→ **SOURCE INFORMATION**:
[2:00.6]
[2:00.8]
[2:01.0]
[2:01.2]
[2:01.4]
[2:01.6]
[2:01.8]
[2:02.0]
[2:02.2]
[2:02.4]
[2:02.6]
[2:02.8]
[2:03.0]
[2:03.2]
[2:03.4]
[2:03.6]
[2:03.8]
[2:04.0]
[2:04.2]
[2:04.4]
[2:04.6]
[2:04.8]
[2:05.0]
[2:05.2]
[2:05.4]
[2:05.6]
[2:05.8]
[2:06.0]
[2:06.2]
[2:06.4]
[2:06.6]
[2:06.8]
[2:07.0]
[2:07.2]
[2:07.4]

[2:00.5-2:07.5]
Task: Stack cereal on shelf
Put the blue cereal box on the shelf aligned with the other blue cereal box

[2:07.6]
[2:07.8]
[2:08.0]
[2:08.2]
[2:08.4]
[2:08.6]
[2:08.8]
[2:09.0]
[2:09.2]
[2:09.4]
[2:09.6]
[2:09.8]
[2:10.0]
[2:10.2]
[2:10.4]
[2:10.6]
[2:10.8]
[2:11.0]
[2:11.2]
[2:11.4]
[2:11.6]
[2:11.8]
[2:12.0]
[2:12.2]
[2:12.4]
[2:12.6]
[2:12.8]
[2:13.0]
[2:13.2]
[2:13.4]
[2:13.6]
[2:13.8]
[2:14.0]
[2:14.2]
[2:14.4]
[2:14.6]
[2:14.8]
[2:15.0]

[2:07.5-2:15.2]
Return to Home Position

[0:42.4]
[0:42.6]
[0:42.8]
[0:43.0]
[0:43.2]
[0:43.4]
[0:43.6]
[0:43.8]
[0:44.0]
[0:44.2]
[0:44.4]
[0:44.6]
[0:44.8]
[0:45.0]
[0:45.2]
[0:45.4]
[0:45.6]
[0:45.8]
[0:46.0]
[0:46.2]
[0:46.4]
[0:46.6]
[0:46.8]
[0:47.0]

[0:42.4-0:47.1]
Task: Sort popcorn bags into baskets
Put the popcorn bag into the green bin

→ **TASK BRIEF**:
Set the records above down again, exactly as they read.

→ **FINISHED EXERCISE**:
[2:00.6]
[2:00.8]
[2:01.0]
[2:01.2]
[2:01.4]
[2:01.6]
[2:01.8]
[2:02.0]
[2:02.2]
[2:02.4]
[2:02.6]
[2:02.8]
[2:03.0]
[2:03.2]
[2:03.4]
[2:03.6]
[2:03.8]
[2:04.0]
[2:04.2]
[2:04.4]
[2:04.6]
[2:04.8]
[2:05.0]
[2:05.2]
[2:05.4]
[2:05.6]
[2:05.8]
[2:06.0]
[2:06.2]
[2:06.4]
[2:06.6]
[2:06.8]
[2:07.0]
[2:07.2]
[2:07.4]

[2:00.5-2:07.5]
Task: Stack cereal on shelf
Put the blue cereal box on the shelf aligned with the other blue cereal box

[2:07.6]
[2:07.8]
[2:08.0]
[2:08.2]
[2:08.4]
[2:08.6]
[2:08.8]
[2:09.0]
[2:09.2]
[2:09.4]
[2:09.6]
[2:09.8]
[2:10.0]
[2:10.2]
[2:10.4]
[2:10.6]
[2:10.8]
[2:11.0]
[2:11.2]
[2:11.4]
[2:11.6]
[2:11.8]
[2:12.0]
[2:12.2]
[2:12.4]
[2:12.6]
[2:12.8]
[2:13.0]
[2:13.2]
[2:13.4]
[2:13.6]
[2:13.8]
[2:14.0]
[2:14.2]
[2:14.4]
[2:14.6]
[2:14.8]
[2:15.0]

[2:07.5-2:15.2]
Return to Home Position

[0:42.4]
[0:42.6]
[0:42.8]
[0:43.0]
[0:43.2]
[0:43.4]
[0:43.6]
[0:43.8]
[0:44.0]
[0:44.2]
[0:44.4]
[0:44.6]
[0:44.8]
[0:45.0]
[0:45.2]
[0:45.4]
[0:45.6]
[0:45.8]
[0:46.0]
[0:46.2]
[0:46.4]
[0:46.6]
[0:46.8]
[0:47.0]

[0:42.4-0:47.1]
Task: Sort popcorn bags into baskets
Put the popcorn bag into the green bin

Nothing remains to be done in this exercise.